● Task prompt
Could you give the whole listing again, exactly as it reads?

● Provided information
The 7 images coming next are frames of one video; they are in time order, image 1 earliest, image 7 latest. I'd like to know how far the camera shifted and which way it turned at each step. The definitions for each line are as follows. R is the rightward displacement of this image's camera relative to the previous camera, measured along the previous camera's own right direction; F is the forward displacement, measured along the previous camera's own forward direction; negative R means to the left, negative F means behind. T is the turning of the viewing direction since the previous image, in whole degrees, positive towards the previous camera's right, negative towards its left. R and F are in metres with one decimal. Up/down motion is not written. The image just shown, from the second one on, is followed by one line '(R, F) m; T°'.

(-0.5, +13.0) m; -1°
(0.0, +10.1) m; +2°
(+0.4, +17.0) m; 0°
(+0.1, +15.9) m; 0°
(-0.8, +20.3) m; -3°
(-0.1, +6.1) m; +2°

● Result of this task
The 7 images coming next are frames of one video; they are in time order, image 1 earliest, image 7 latest. I'd like to know how far the camera shifted and which way it turned at each step. The definitions for each line are as follows. R is the rightward displacement of this image's camera relative to the previous camera, measured along the previous camera's own right direction; F is the forward displacement, measured along the previous camera's own forward direction; negative R means to the left, negative F means behind. T is the turning of the viewing direction since the previous image, in whole degrees, positive towards the previous camera's right, negative towards its left. R and F are in metres with one decimal. Up/down motion is not written. The image just shown, from the second one on, is followed by one line '(R, F) m; T°'.

(-0.5, +13.0) m; -1°
(0.0, +10.1) m; +2°
(+0.4, +17.0) m; 0°
(+0.1, +15.9) m; 0°
(-0.8, +20.3) m; -3°
(-0.1, +6.1) m; +2°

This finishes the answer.